● **ASSIGNMENT**
Your output should consist solely of the lines from the one holding "Q: Is the spacing" to the end of the records below, inclusive, reproduced exactly and free of pictures.

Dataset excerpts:
··········

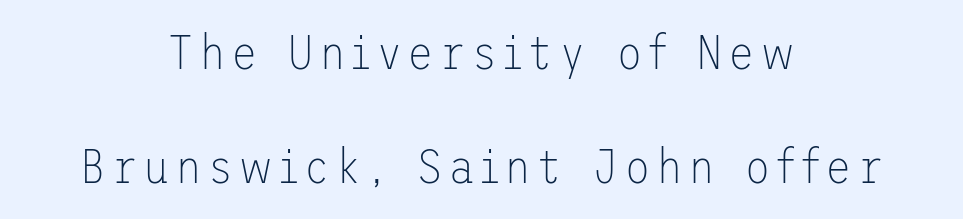
Q: Is the text bold? A: No.
Q: Is the text italic (slanted)? A: No, it is upright.
Q: Is the typeface a serif or a sans-serif typeface? A: Sans-serif.
Q: Is the text underlined? A: No.
Q: How is the paragraph aligned? A: Centered.
Q: Is the spacing between lines tight, normal or loose? A: Loose.
Q: Width (condensed, normal, or wide)? A: Normal.
Q: Stroke contrast? A: Low.
Q: x-height? A: Medium.
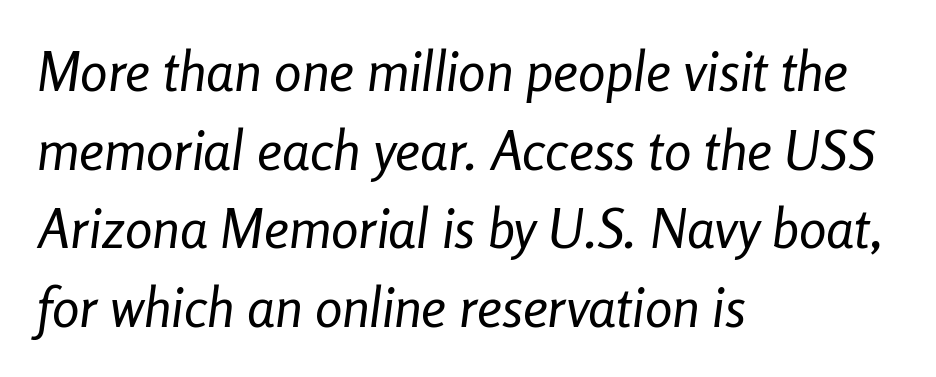
{"italic": "yes", "lean": "right", "slant_degrees": 8, "bold": "no", "weight": "regular", "width": "condensed", "stroke_contrast": "low", "x_height": "medium", "monospaced": "no", "underline": "no", "align": "left", "line_spacing": "normal", "line_spacing_ratio": 1.43, "letter_spacing": "normal", "letter_spacing_em": 0.0, "glyph_px": 55}

··········

● **TASK RESULT**
Q: Is the spacing between lines tight, normal or loose? A: Loose.
Q: Width (condensed, normal, or wide)? A: Normal.
Q: Stroke contrast? A: Low.
Q: x-height? A: Medium.
{"italic": "yes", "lean": "right", "slant_degrees": 8, "bold": "no", "weight": "regular", "width": "condensed", "stroke_contrast": "low", "x_height": "medium", "monospaced": "no", "underline": "no", "align": "left", "line_spacing": "normal", "line_spacing_ratio": 1.43, "letter_spacing": "normal", "letter_spacing_em": 0.0, "glyph_px": 55}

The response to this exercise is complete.